■ **REQUIREMENT**
Restate all of the records below exactly. Do not carry over any image.

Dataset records
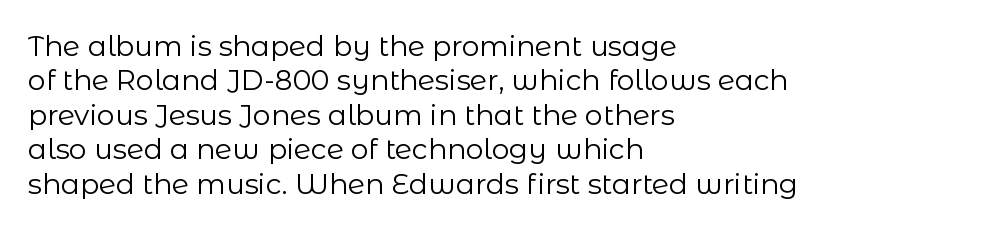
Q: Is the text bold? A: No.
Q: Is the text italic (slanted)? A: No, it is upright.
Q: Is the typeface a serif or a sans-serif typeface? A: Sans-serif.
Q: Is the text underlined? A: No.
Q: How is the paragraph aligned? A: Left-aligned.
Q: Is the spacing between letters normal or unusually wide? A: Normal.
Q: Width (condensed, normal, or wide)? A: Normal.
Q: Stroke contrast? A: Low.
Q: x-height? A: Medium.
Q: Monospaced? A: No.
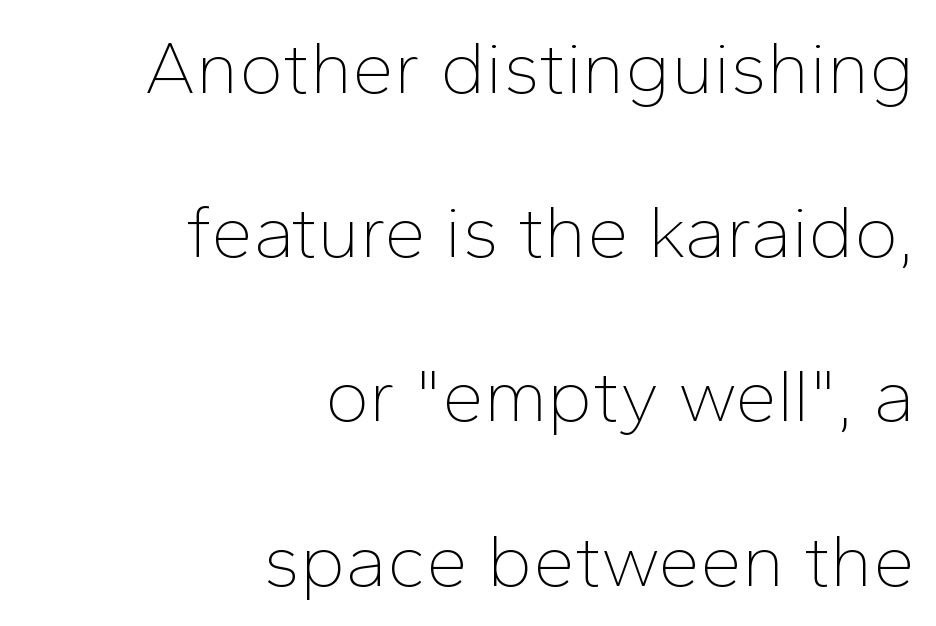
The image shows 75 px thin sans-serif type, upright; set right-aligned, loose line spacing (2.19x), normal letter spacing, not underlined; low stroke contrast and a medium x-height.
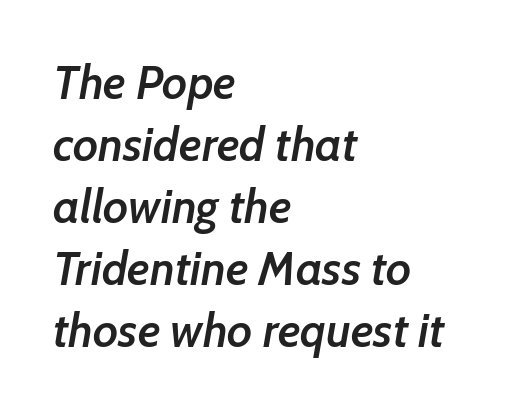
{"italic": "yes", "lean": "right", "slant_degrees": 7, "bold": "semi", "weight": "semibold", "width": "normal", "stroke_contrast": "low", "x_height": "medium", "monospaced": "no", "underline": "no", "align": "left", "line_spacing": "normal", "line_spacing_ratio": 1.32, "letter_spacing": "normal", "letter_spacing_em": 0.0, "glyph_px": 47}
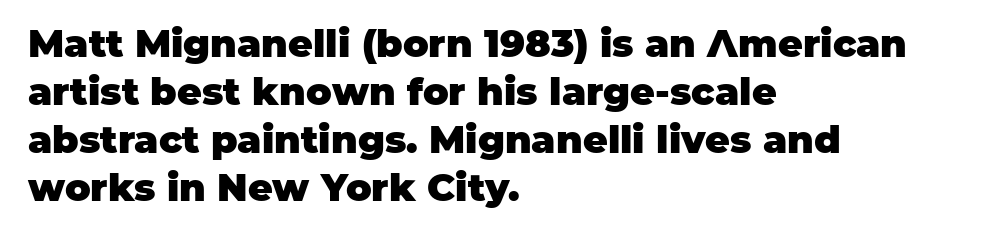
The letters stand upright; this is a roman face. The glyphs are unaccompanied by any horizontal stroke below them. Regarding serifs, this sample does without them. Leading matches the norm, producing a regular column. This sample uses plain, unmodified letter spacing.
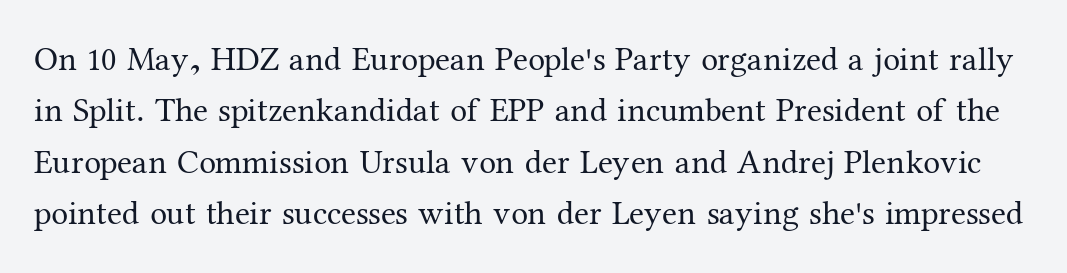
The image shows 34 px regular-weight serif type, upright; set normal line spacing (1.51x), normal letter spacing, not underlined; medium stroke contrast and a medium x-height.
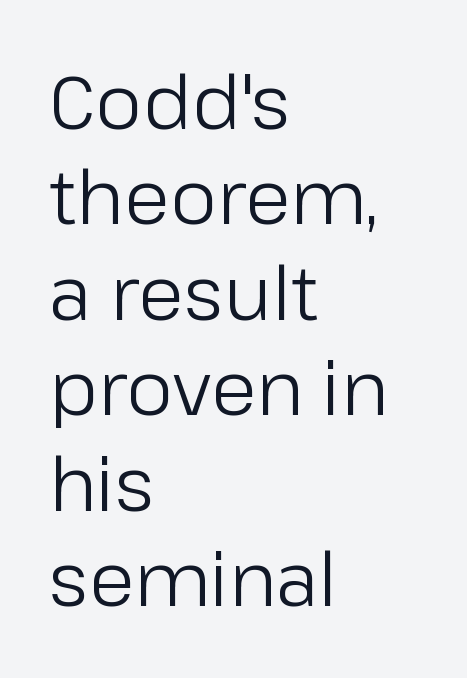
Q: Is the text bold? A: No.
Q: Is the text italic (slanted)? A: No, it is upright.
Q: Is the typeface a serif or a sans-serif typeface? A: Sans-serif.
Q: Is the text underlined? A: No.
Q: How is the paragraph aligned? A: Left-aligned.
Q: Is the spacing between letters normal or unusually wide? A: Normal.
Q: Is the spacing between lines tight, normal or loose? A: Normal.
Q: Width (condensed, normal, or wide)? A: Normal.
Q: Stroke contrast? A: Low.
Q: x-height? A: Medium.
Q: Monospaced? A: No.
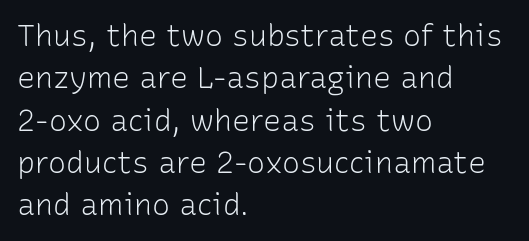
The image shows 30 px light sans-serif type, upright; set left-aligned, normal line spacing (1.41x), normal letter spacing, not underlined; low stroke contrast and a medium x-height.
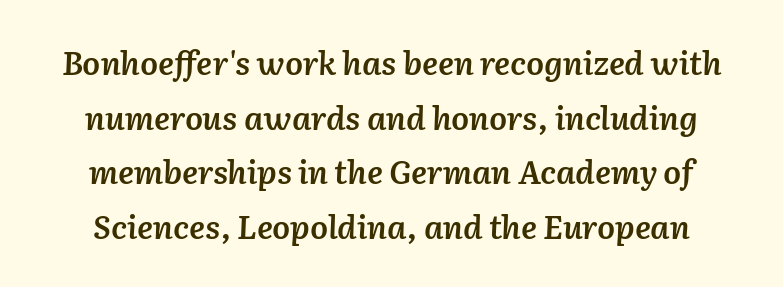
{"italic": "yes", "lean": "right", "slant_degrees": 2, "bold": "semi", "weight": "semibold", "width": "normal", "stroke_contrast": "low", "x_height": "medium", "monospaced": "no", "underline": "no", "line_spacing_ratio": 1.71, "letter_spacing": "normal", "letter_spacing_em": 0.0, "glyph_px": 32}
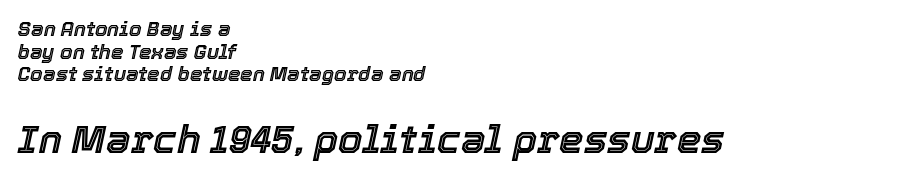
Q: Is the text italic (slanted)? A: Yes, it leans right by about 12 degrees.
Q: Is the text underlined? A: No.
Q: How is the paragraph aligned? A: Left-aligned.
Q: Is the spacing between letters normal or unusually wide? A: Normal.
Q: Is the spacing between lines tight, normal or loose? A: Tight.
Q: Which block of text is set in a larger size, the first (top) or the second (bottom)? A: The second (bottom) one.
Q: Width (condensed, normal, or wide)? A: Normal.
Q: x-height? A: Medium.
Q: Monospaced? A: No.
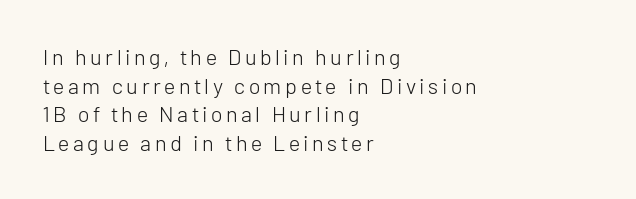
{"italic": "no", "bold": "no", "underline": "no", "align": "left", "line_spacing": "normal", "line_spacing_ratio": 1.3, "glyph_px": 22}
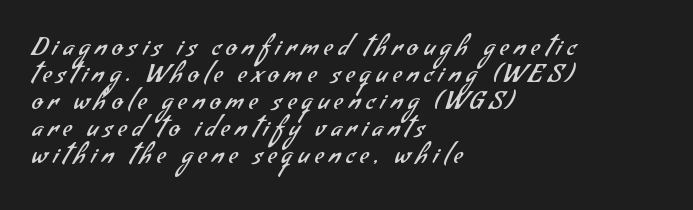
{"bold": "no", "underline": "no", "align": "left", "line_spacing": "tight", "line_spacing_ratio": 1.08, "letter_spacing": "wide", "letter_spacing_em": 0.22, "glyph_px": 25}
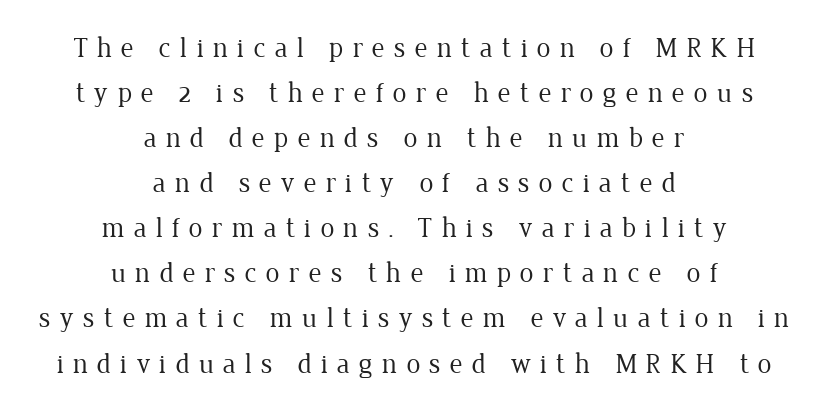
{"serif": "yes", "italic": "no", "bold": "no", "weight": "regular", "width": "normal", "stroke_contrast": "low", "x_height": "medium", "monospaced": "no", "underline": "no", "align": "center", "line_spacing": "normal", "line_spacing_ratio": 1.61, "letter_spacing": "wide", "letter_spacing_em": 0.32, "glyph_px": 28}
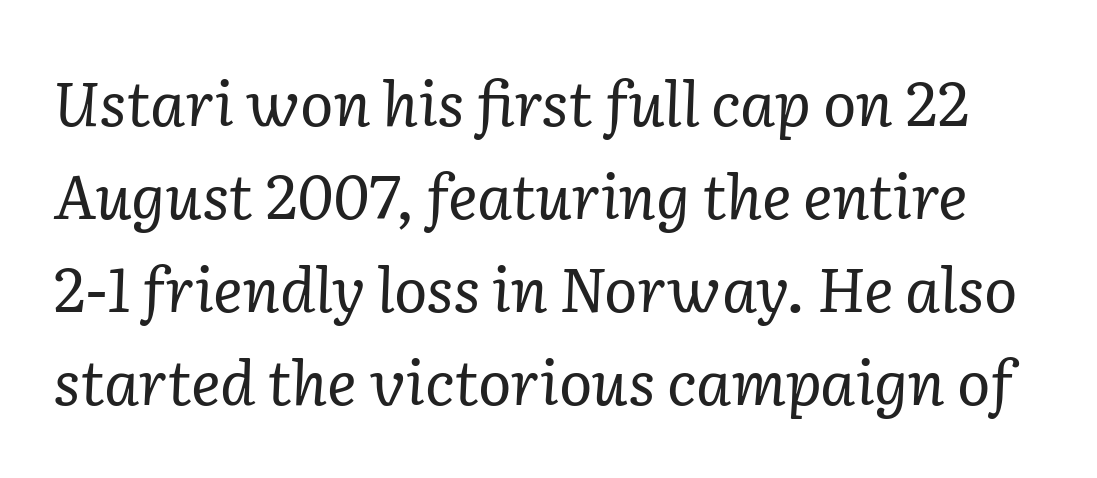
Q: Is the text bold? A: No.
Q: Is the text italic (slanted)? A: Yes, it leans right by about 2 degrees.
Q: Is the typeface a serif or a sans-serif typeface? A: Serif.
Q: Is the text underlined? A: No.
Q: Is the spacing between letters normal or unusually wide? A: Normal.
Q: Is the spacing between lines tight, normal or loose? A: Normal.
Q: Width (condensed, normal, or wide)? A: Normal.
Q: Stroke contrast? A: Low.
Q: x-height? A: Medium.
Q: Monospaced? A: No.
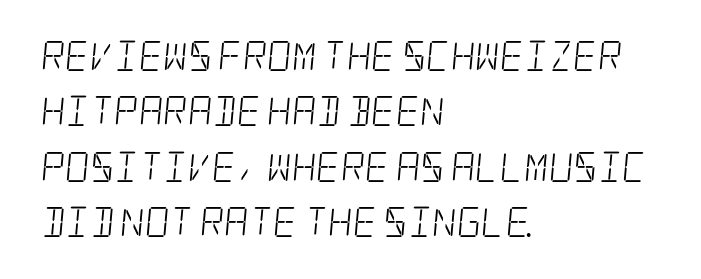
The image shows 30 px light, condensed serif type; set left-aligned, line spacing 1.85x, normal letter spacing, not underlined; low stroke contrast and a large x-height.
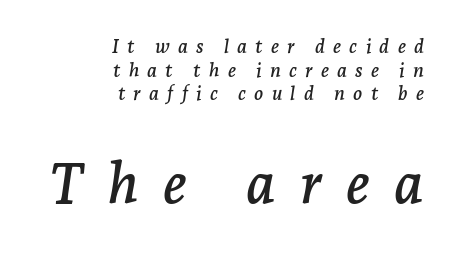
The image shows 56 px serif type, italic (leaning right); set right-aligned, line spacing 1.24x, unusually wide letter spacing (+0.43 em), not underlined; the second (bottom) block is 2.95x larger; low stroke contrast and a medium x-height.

■ **SOLUTION**
Q: Is the text bold? A: No.
Q: Is the text italic (slanted)? A: No, it is upright.
Q: Is the typeface a serif or a sans-serif typeface? A: Sans-serif.
Q: Is the text underlined? A: No.
Q: How is the paragraph aligned? A: Left-aligned.
Q: Is the spacing between letters normal or unusually wide? A: Normal.
Q: Width (condensed, normal, or wide)? A: Normal.
Q: Stroke contrast? A: Low.
Q: x-height? A: Medium.
Q: Monospaced? A: No.
The image shows 75 px thin sans-serif type, upright; set right-aligned, loose line spacing (2.19x), normal letter spacing, not underlined; low stroke contrast and a medium x-height.
{"italic": "yes", "lean": "right", "slant_degrees": 7, "bold": "semi", "weight": "semibold", "width": "normal", "stroke_contrast": "low", "x_height": "medium", "monospaced": "no", "underline": "no", "align": "left", "line_spacing": "normal", "line_spacing_ratio": 1.32, "letter_spacing": "normal", "letter_spacing_em": 0.0, "glyph_px": 47}
The letters stand upright; this is a roman face. The glyphs are unaccompanied by any horizontal stroke below them. Regarding serifs, this sample does without them. Leading matches the norm, producing a regular column. This sample uses plain, unmodified letter spacing.
The image shows 34 px regular-weight serif type, upright; set normal line spacing (1.51x), normal letter spacing, not underlined; medium stroke contrast and a medium x-height.
Q: Is the text bold? A: No.
Q: Is the text italic (slanted)? A: No, it is upright.
Q: Is the typeface a serif or a sans-serif typeface? A: Sans-serif.
Q: Is the text underlined? A: No.
Q: How is the paragraph aligned? A: Left-aligned.
Q: Is the spacing between letters normal or unusually wide? A: Normal.
Q: Is the spacing between lines tight, normal or loose? A: Normal.
Q: Width (condensed, normal, or wide)? A: Normal.
Q: Stroke contrast? A: Low.
Q: x-height? A: Medium.
Q: Monospaced? A: No.
The image shows 30 px light sans-serif type, upright; set left-aligned, normal line spacing (1.41x), normal letter spacing, not underlined; low stroke contrast and a medium x-height.
{"italic": "yes", "lean": "right", "slant_degrees": 2, "bold": "semi", "weight": "semibold", "width": "normal", "stroke_contrast": "low", "x_height": "medium", "monospaced": "no", "underline": "no", "line_spacing_ratio": 1.71, "letter_spacing": "normal", "letter_spacing_em": 0.0, "glyph_px": 32}
Q: Is the text italic (slanted)? A: Yes, it leans right by about 12 degrees.
Q: Is the text underlined? A: No.
Q: How is the paragraph aligned? A: Left-aligned.
Q: Is the spacing between letters normal or unusually wide? A: Normal.
Q: Is the spacing between lines tight, normal or loose? A: Tight.
Q: Which block of text is set in a larger size, the first (top) or the second (bottom)? A: The second (bottom) one.
Q: Width (condensed, normal, or wide)? A: Normal.
Q: x-height? A: Medium.
Q: Monospaced? A: No.
{"italic": "no", "bold": "no", "underline": "no", "align": "left", "line_spacing": "normal", "line_spacing_ratio": 1.3, "glyph_px": 22}
{"bold": "no", "underline": "no", "align": "left", "line_spacing": "tight", "line_spacing_ratio": 1.08, "letter_spacing": "wide", "letter_spacing_em": 0.22, "glyph_px": 25}
{"serif": "yes", "italic": "no", "bold": "no", "weight": "regular", "width": "normal", "stroke_contrast": "low", "x_height": "medium", "monospaced": "no", "underline": "no", "align": "center", "line_spacing": "normal", "line_spacing_ratio": 1.61, "letter_spacing": "wide", "letter_spacing_em": 0.32, "glyph_px": 28}
Q: Is the text bold? A: No.
Q: Is the text italic (slanted)? A: Yes, it leans right by about 2 degrees.
Q: Is the typeface a serif or a sans-serif typeface? A: Serif.
Q: Is the text underlined? A: No.
Q: Is the spacing between letters normal or unusually wide? A: Normal.
Q: Is the spacing between lines tight, normal or loose? A: Normal.
Q: Width (condensed, normal, or wide)? A: Normal.
Q: Stroke contrast? A: Low.
Q: x-height? A: Medium.
Q: Monospaced? A: No.
The image shows 30 px light, condensed serif type; set left-aligned, line spacing 1.85x, normal letter spacing, not underlined; low stroke contrast and a large x-height.
The image shows 56 px serif type, italic (leaning right); set right-aligned, line spacing 1.24x, unusually wide letter spacing (+0.43 em), not underlined; the second (bottom) block is 2.95x larger; low stroke contrast and a medium x-height.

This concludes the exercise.